==== Extracted records

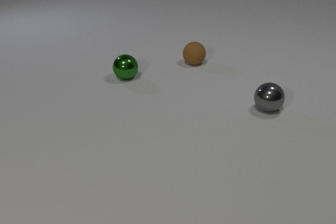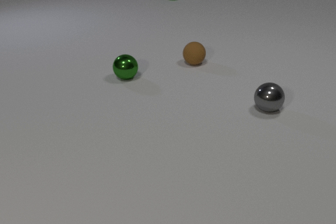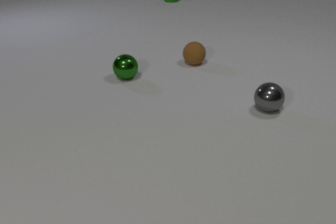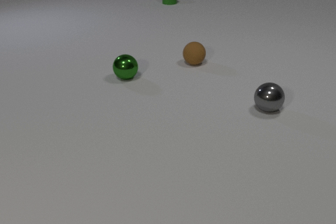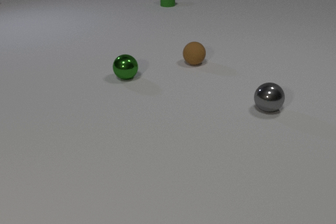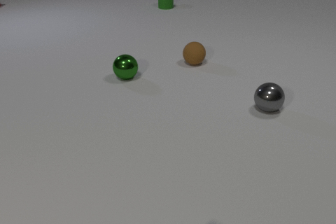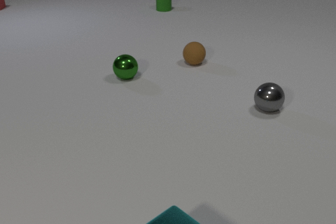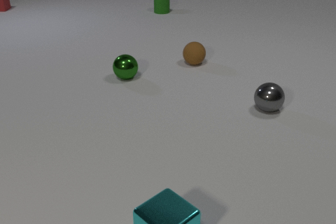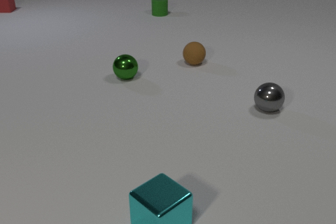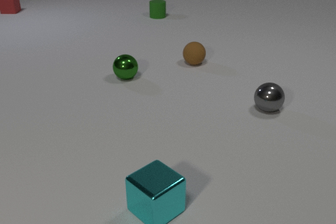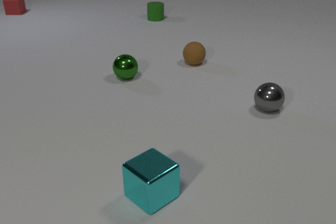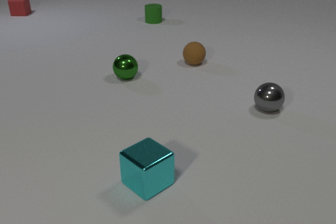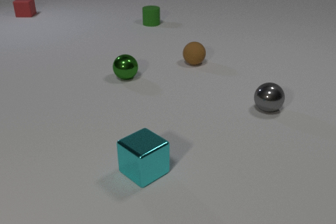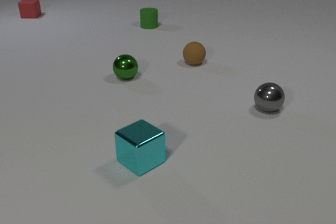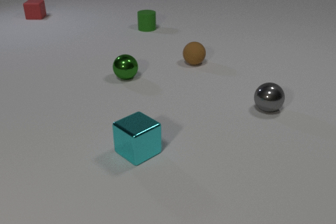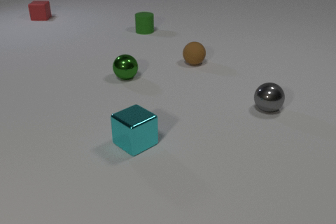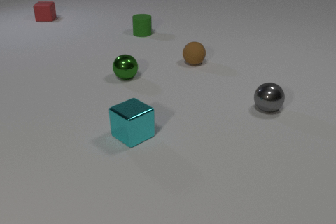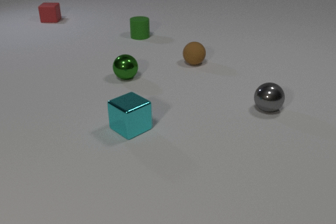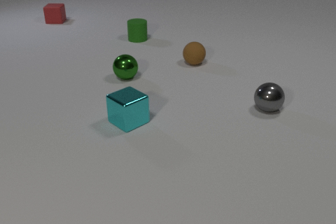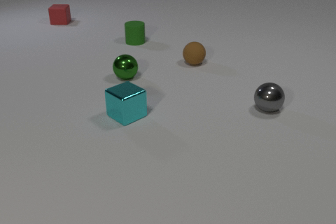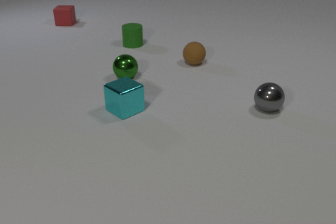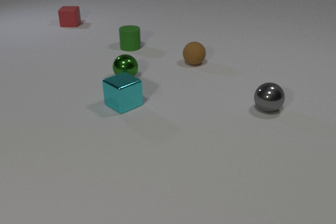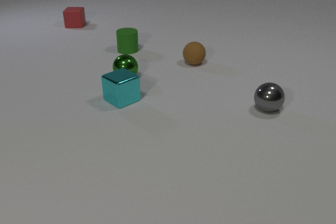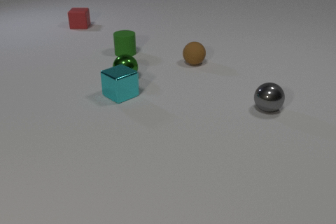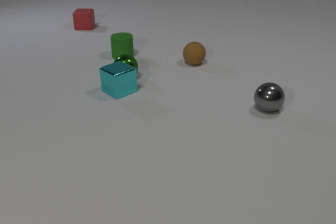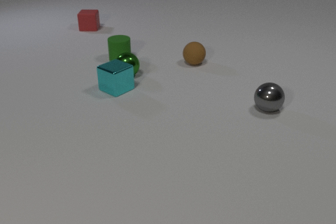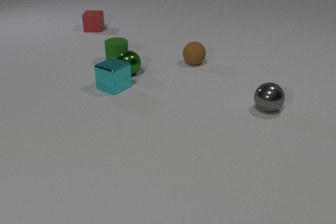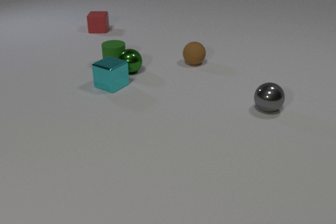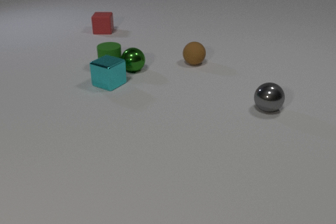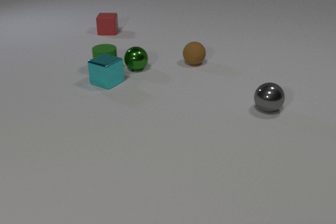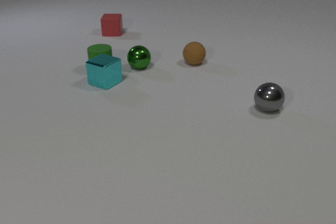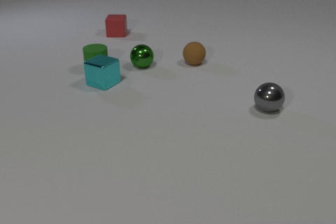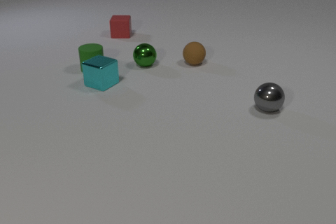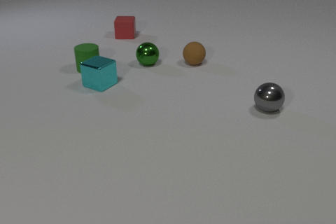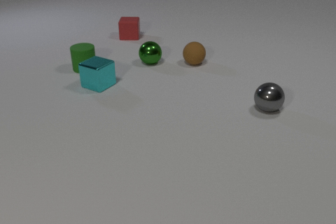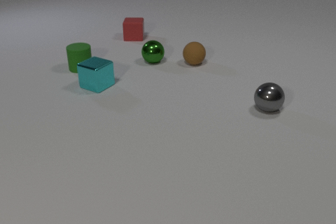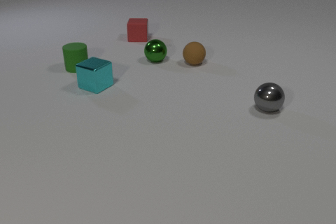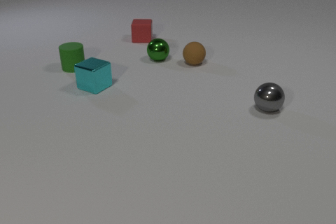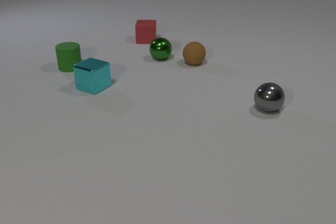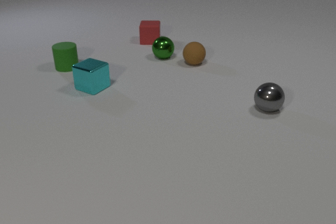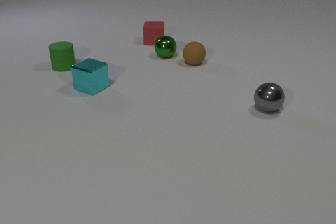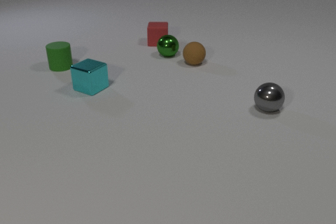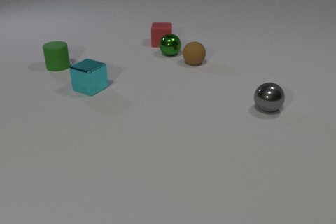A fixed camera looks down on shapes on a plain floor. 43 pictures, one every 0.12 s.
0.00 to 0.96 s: The cyan metal cube comes in at the bottom edge, slides away from the camera. The green rubber cylinder slides toward the camera. The red rubber cube comes in at the left edge, slides toward the camera and to the right.
0.96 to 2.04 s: The cyan metal cube slides away from the camera. The green rubber cylinder slides toward the camera. The red rubber cube slides toward the camera and to the right.
2.04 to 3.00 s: The cyan metal cube slides away from the camera. The green metal sphere rolls away from the camera. The green rubber cylinder slides toward the camera. The red rubber cube slides toward the camera and to the right. The cyan metal cube and the green metal sphere collide.
3.00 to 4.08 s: The cyan metal cube slides to the left and away from the camera. The green metal sphere rolls away from the camera and to the right. The green rubber cylinder slides to the left and toward the camera. The red rubber cube slides to the right and toward the camera. The green metal sphere and the green rubber cylinder collide. The cyan metal cube and the green rubber cylinder collide.
4.08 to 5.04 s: The cyan metal cube slides to the left and toward the camera. The green metal sphere rolls away from the camera and to the right. The green rubber cylinder slides to the left and away from the camera. The red rubber cube slides to the right and toward the camera.
How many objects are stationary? 2.
What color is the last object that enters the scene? cyan.
Are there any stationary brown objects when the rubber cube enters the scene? yes.

========

**Description of the task:** Each record must appear again exactly as written above, without its pictures.

**Solution for this exercise:**
A fixed camera looks down on shapes on a plain floor. 43 pictures, one every 0.12 s.
0.00 to 0.96 s: The cyan metal cube comes in at the bottom edge, slides away from the camera. The green rubber cylinder slides toward the camera. The red rubber cube comes in at the left edge, slides toward the camera and to the right.
0.96 to 2.04 s: The cyan metal cube slides away from the camera. The green rubber cylinder slides toward the camera. The red rubber cube slides toward the camera and to the right.
2.04 to 3.00 s: The cyan metal cube slides away from the camera. The green metal sphere rolls away from the camera. The green rubber cylinder slides toward the camera. The red rubber cube slides toward the camera and to the right. The cyan metal cube and the green metal sphere collide.
3.00 to 4.08 s: The cyan metal cube slides to the left and away from the camera. The green metal sphere rolls away from the camera and to the right. The green rubber cylinder slides to the left and toward the camera. The red rubber cube slides to the right and toward the camera. The green metal sphere and the green rubber cylinder collide. The cyan metal cube and the green rubber cylinder collide.
4.08 to 5.04 s: The cyan metal cube slides to the left and toward the camera. The green metal sphere rolls away from the camera and to the right. The green rubber cylinder slides to the left and away from the camera. The red rubber cube slides to the right and toward the camera.
How many objects are stationary? 2.
What color is the last object that enters the scene? cyan.
Are there any stationary brown objects when the rubber cube enters the scene? yes.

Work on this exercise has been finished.